- [Records shown]:
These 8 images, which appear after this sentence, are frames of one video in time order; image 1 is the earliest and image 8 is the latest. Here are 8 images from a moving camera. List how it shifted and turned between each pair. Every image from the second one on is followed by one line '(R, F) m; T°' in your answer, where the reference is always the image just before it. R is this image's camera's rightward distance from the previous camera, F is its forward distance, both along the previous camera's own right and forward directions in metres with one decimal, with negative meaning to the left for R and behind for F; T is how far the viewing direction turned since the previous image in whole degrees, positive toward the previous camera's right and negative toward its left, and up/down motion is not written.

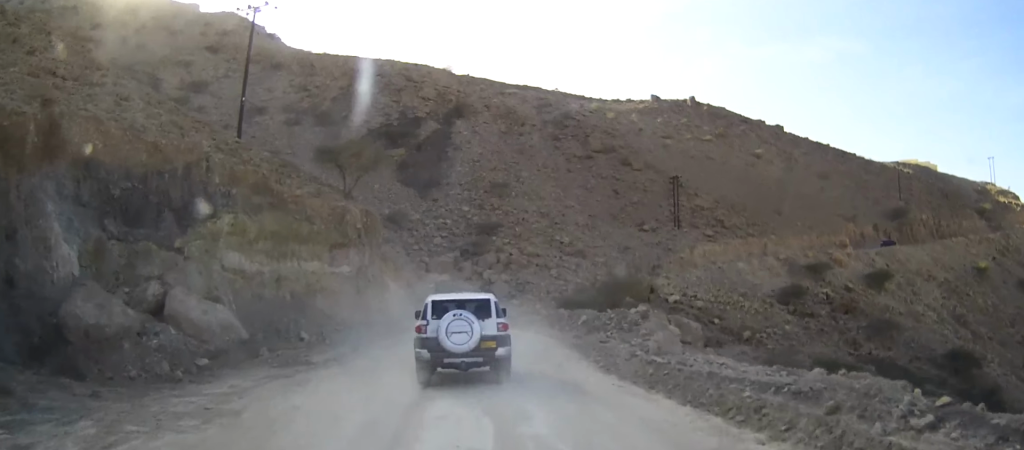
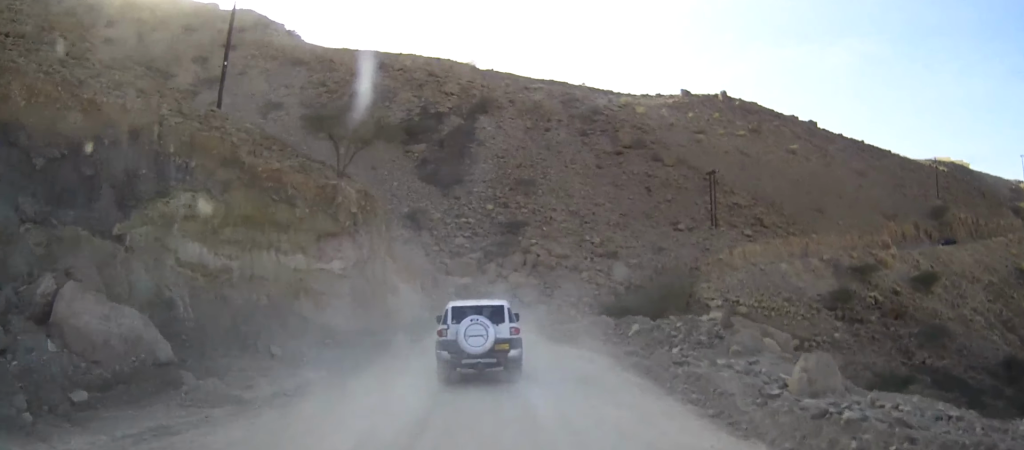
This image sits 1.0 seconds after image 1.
(-0.3, +6.6) m; -4°
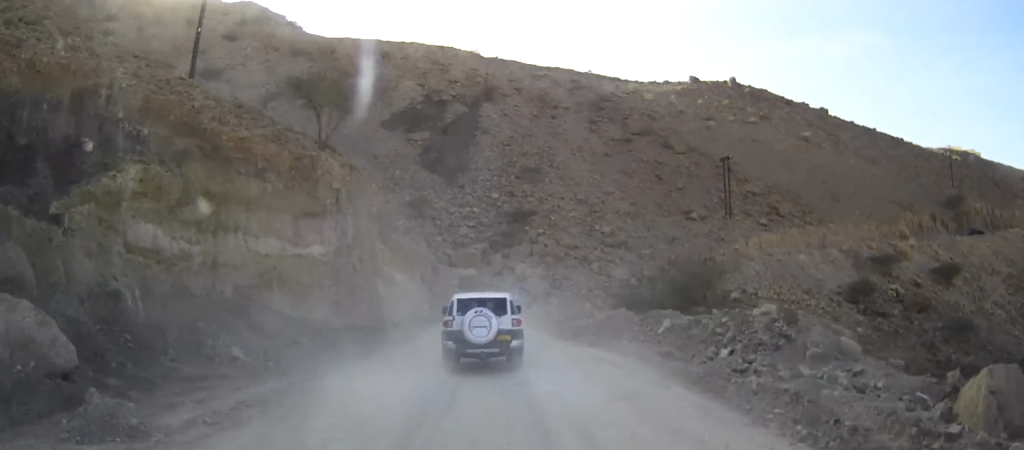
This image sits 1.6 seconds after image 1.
(-0.1, +4.1) m; -1°
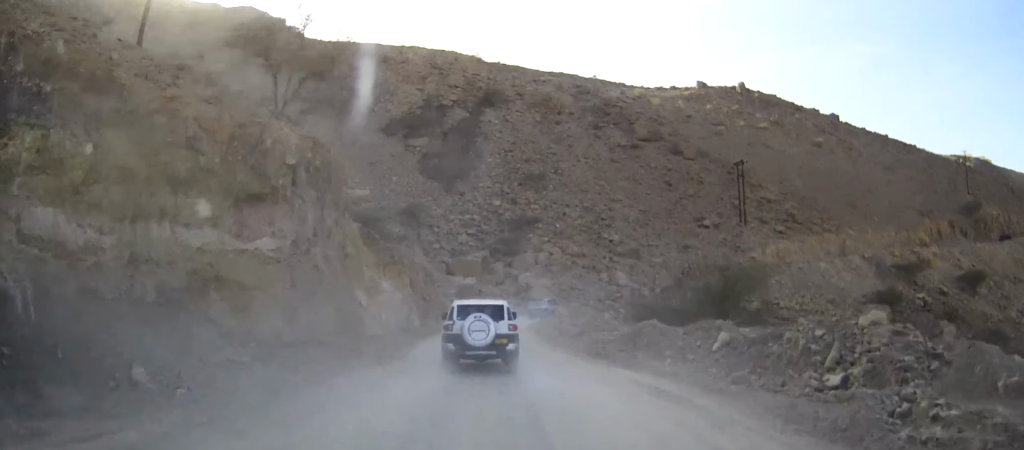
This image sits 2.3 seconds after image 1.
(-0.1, +5.5) m; -1°
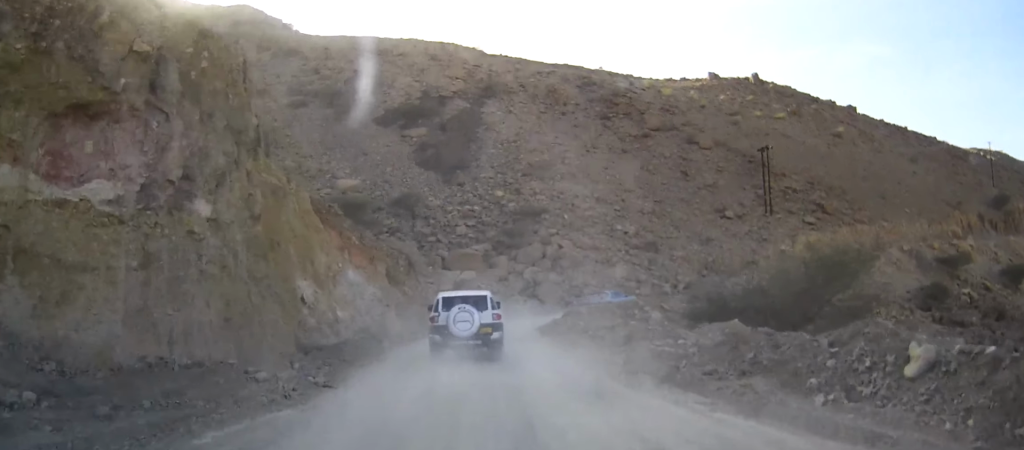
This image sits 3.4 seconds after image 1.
(-0.1, +8.9) m; -1°
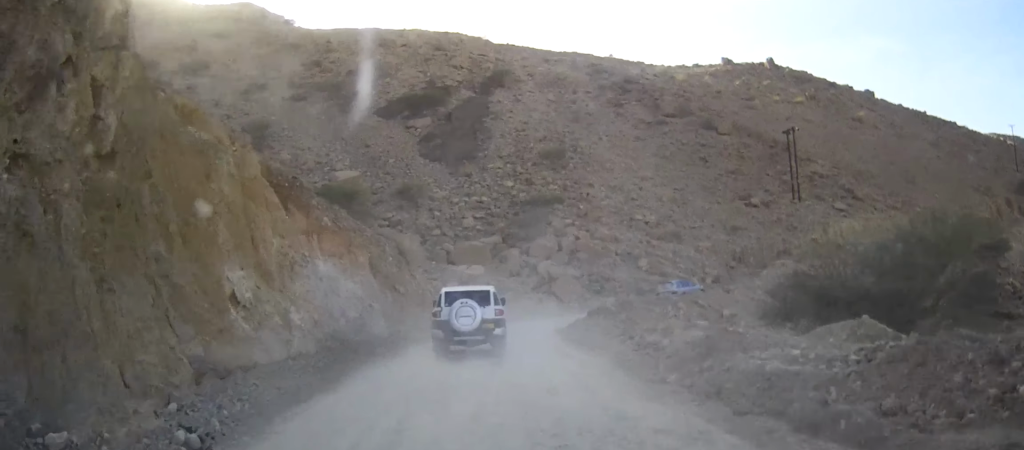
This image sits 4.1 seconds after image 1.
(0.0, +6.2) m; 0°
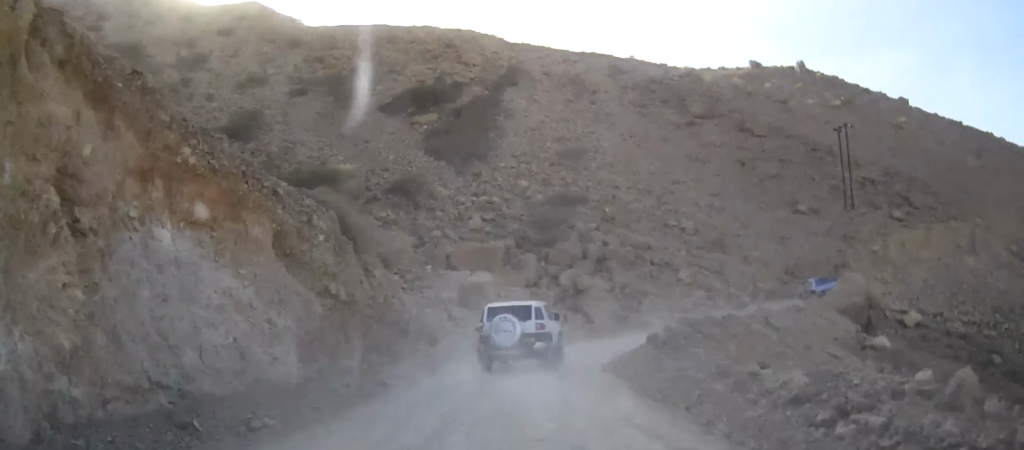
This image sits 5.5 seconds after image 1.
(-0.1, +12.3) m; 0°
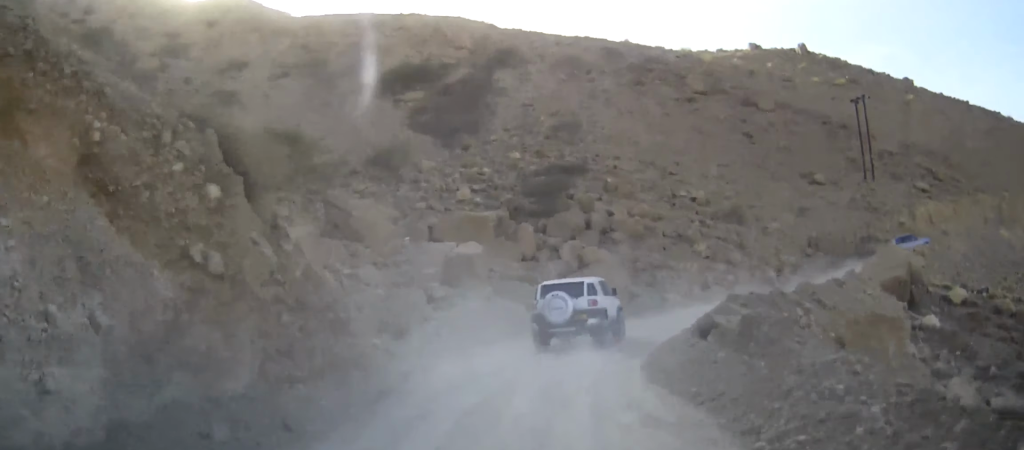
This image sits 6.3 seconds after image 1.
(0.0, +7.1) m; +1°

- [Problem description]:
Copy each line of the listing exactly, skipping any picture.

- [Solution to this task]:
These 8 images, which appear after this sentence, are frames of one video in time order; image 1 is the earliest and image 8 is the latest. Here are 8 images from a moving camera. List how it shifted and turned between each pair. Every image from the second one on is followed by one line '(R, F) m; T°' in your answer, where the reference is always the image just before it. R is this image's camera's rightward distance from the previous camera, F is its forward distance, both along the previous camera's own right and forward directions in metres with one decimal, with negative meaning to the left for R and behind for F; T is how far the viewing direction turned since the previous image in whole degrees, positive toward the previous camera's right and negative toward its left, and up/down motion is not written.

This image sits 1.0 seconds after image 1.
(-0.3, +6.6) m; -4°
This image sits 1.6 seconds after image 1.
(-0.1, +4.1) m; -1°
This image sits 2.3 seconds after image 1.
(-0.1, +5.5) m; -1°
This image sits 3.4 seconds after image 1.
(-0.1, +8.9) m; -1°
This image sits 4.1 seconds after image 1.
(0.0, +6.2) m; 0°
This image sits 5.5 seconds after image 1.
(-0.1, +12.3) m; 0°
This image sits 6.3 seconds after image 1.
(0.0, +7.1) m; +1°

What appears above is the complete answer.